- [Work order] In your copy, drop the images and return each record exactly as it stands.

- [Material for this task]
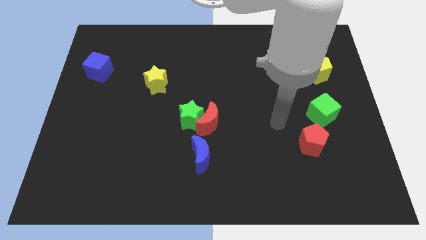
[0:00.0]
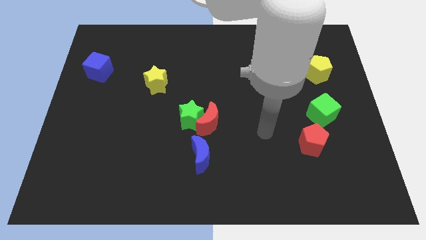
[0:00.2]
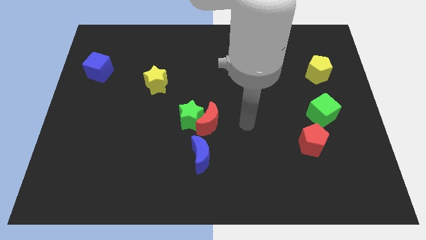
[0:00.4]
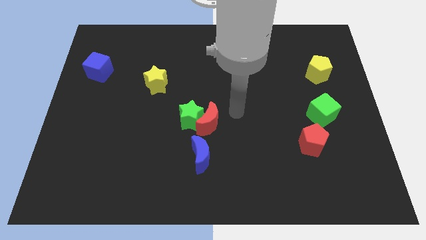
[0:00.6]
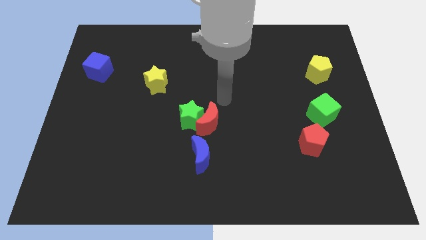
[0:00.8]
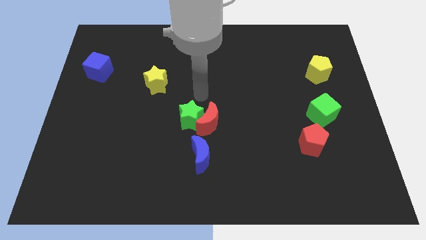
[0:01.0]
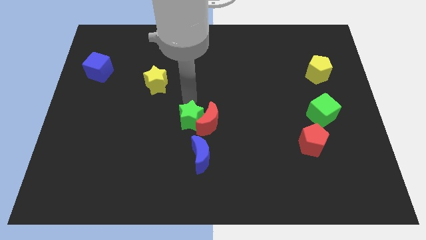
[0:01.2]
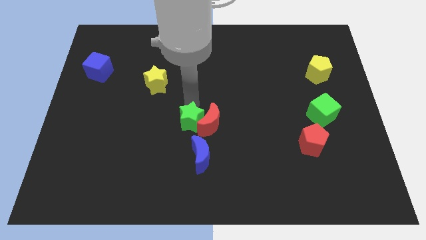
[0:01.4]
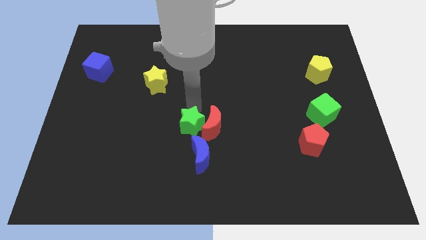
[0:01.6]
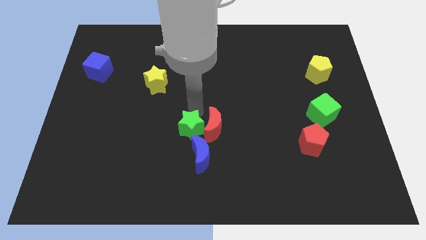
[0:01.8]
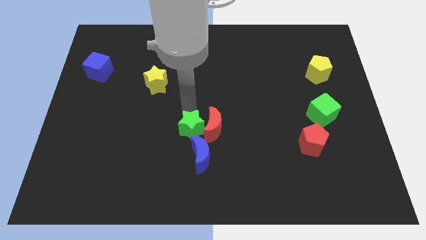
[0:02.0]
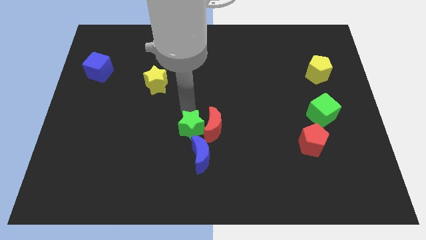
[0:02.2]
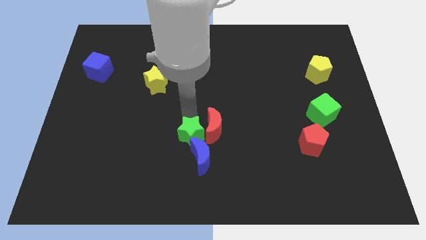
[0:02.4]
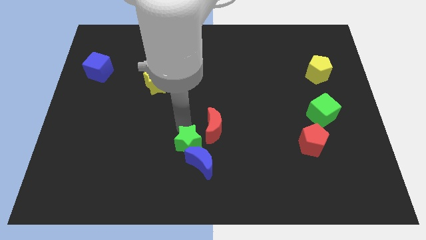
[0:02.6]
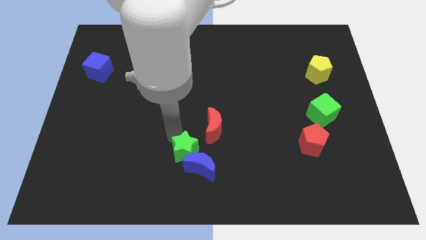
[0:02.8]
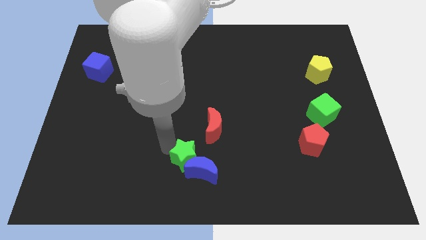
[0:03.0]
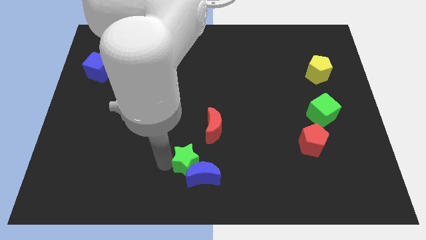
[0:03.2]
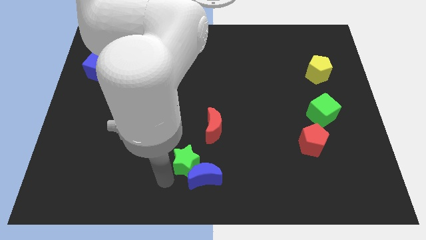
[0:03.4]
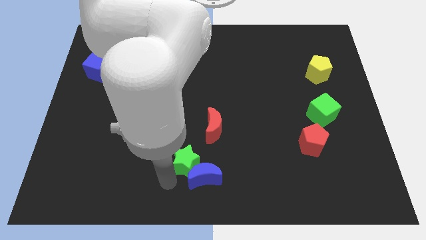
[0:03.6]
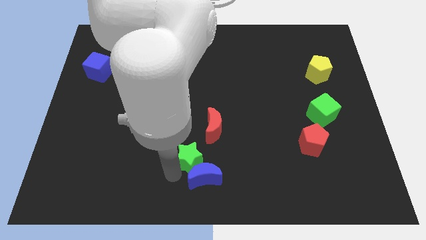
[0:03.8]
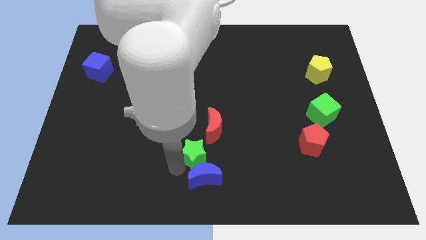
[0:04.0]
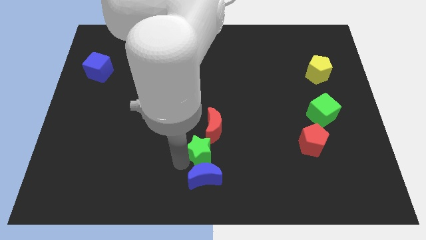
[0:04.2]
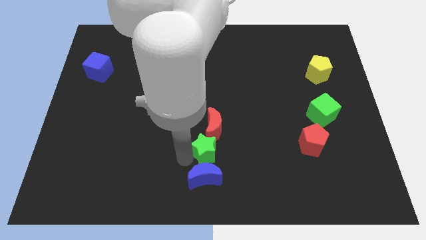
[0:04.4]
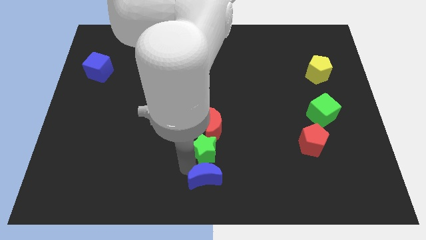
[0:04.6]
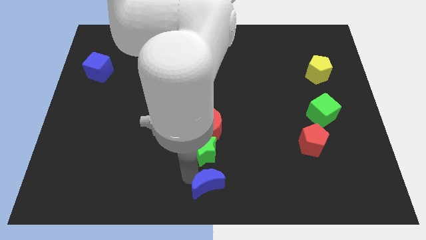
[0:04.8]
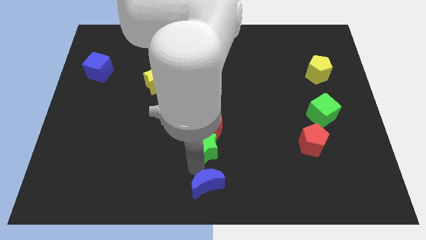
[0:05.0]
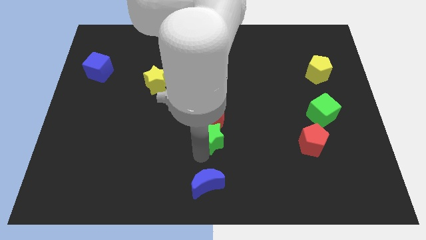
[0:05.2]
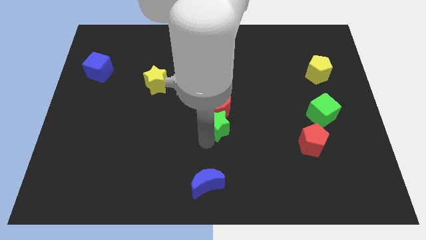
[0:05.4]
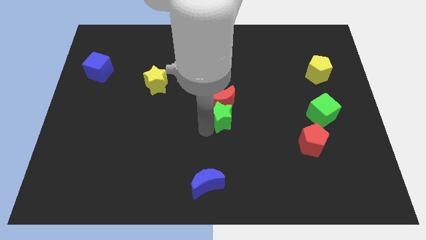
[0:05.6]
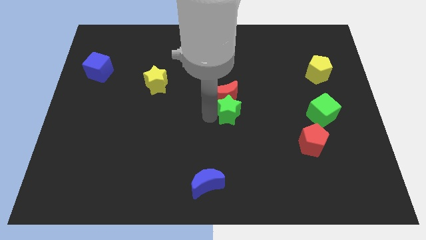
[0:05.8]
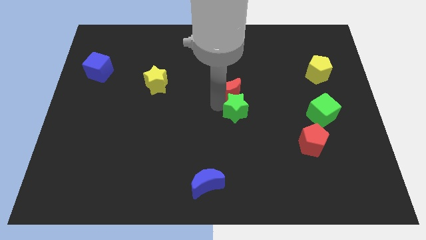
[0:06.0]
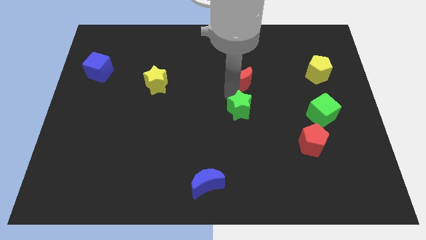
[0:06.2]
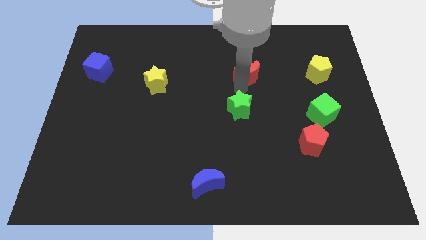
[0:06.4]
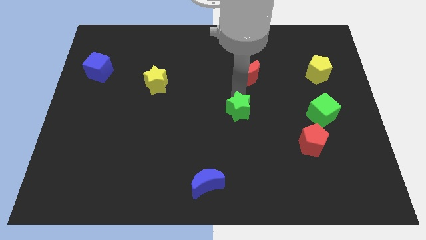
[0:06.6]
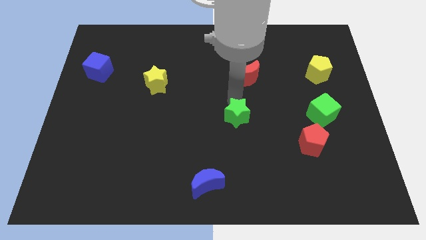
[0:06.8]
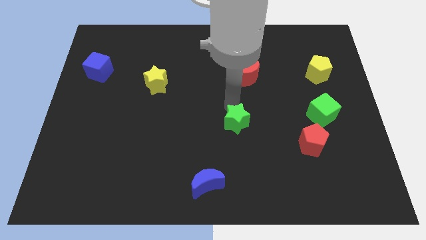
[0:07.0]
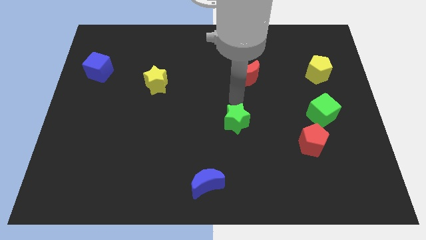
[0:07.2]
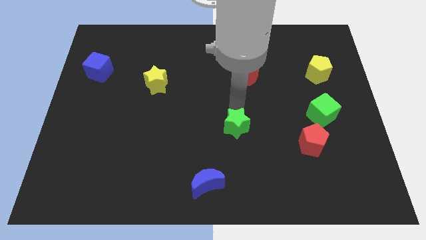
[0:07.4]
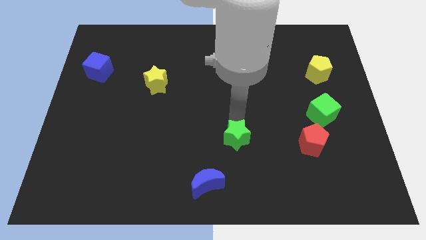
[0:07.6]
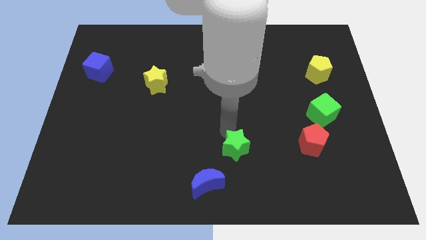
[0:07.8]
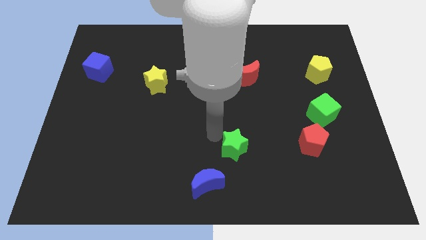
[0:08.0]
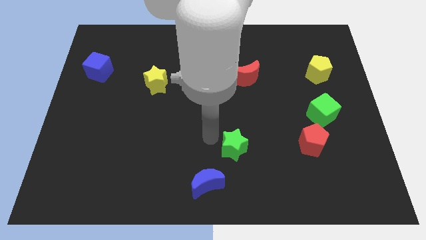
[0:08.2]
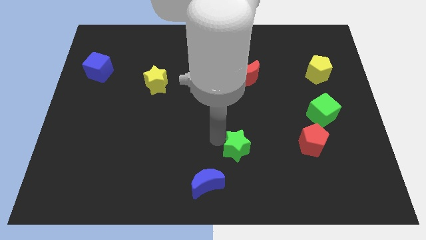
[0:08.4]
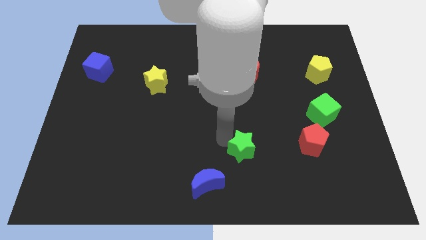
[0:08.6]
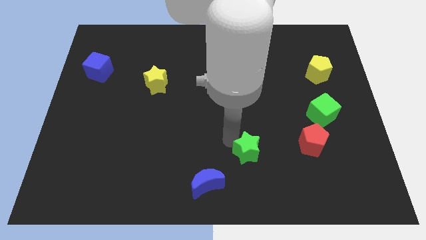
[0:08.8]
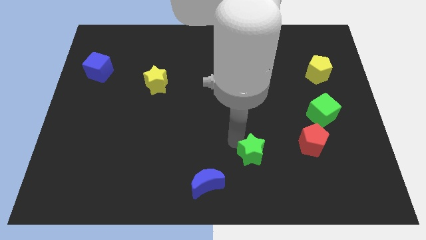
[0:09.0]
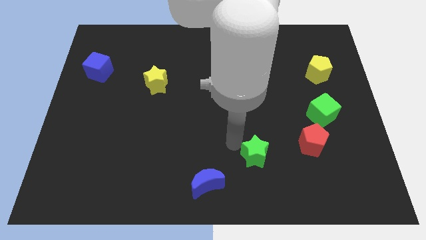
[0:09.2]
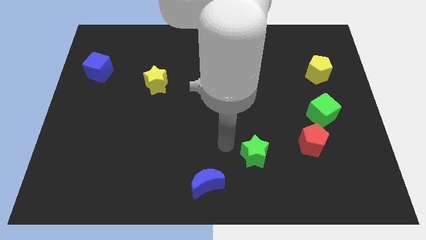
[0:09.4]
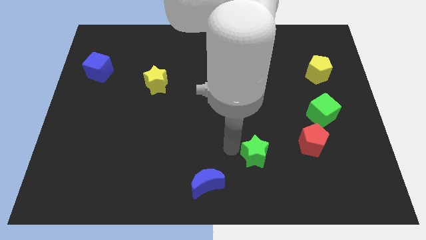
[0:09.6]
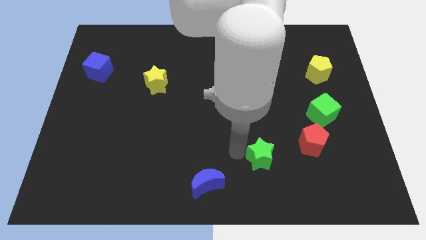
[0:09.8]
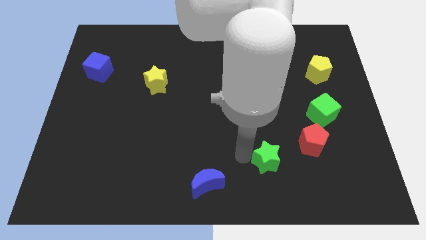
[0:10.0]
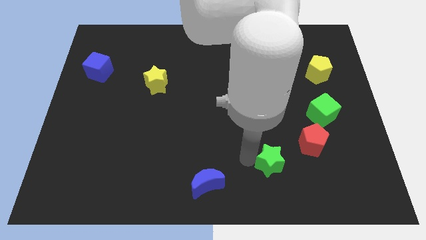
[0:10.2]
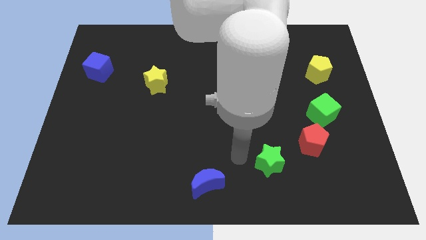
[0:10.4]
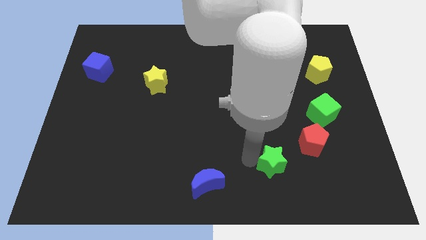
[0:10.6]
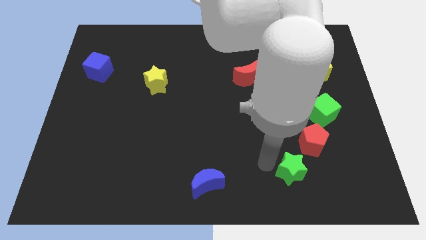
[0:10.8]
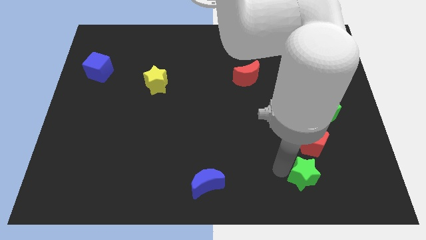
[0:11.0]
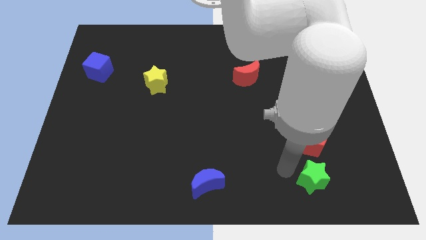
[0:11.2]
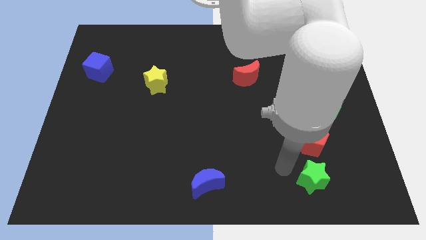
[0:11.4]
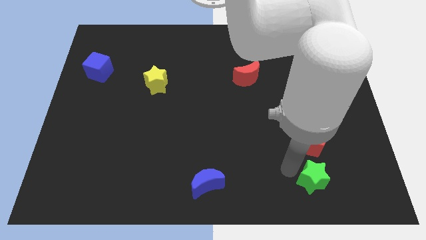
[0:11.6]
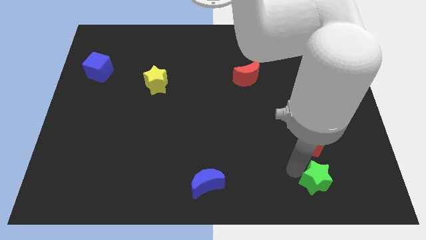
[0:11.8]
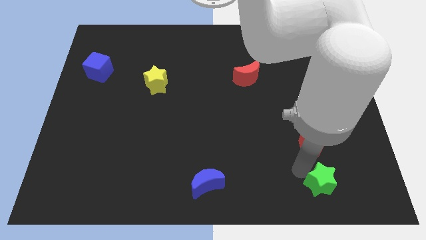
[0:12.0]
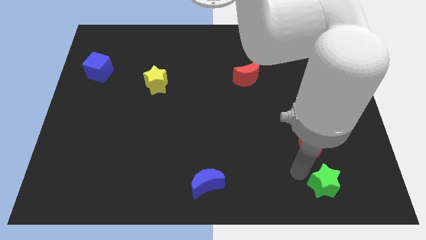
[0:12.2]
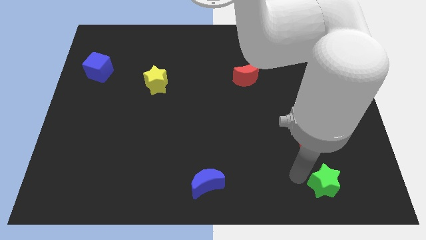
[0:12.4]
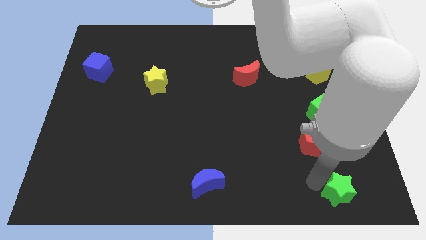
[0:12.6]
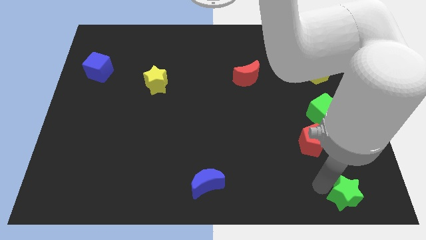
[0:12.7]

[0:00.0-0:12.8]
move the green star to the bottom right

- [Your response]
[0:00.0]
[0:00.2]
[0:00.4]
[0:00.6]
[0:00.8]
[0:01.0]
[0:01.2]
[0:01.4]
[0:01.6]
[0:01.8]
[0:02.0]
[0:02.2]
[0:02.4]
[0:02.6]
[0:02.8]
[0:03.0]
[0:03.2]
[0:03.4]
[0:03.6]
[0:03.8]
[0:04.0]
[0:04.2]
[0:04.4]
[0:04.6]
[0:04.8]
[0:05.0]
[0:05.2]
[0:05.4]
[0:05.6]
[0:05.8]
[0:06.0]
[0:06.2]
[0:06.4]
[0:06.6]
[0:06.8]
[0:07.0]
[0:07.2]
[0:07.4]
[0:07.6]
[0:07.8]
[0:08.0]
[0:08.2]
[0:08.4]
[0:08.6]
[0:08.8]
[0:09.0]
[0:09.2]
[0:09.4]
[0:09.6]
[0:09.8]
[0:10.0]
[0:10.2]
[0:10.4]
[0:10.6]
[0:10.8]
[0:11.0]
[0:11.2]
[0:11.4]
[0:11.6]
[0:11.8]
[0:12.0]
[0:12.2]
[0:12.4]
[0:12.6]
[0:12.7]

[0:00.0-0:12.8]
move the green star to the bottom right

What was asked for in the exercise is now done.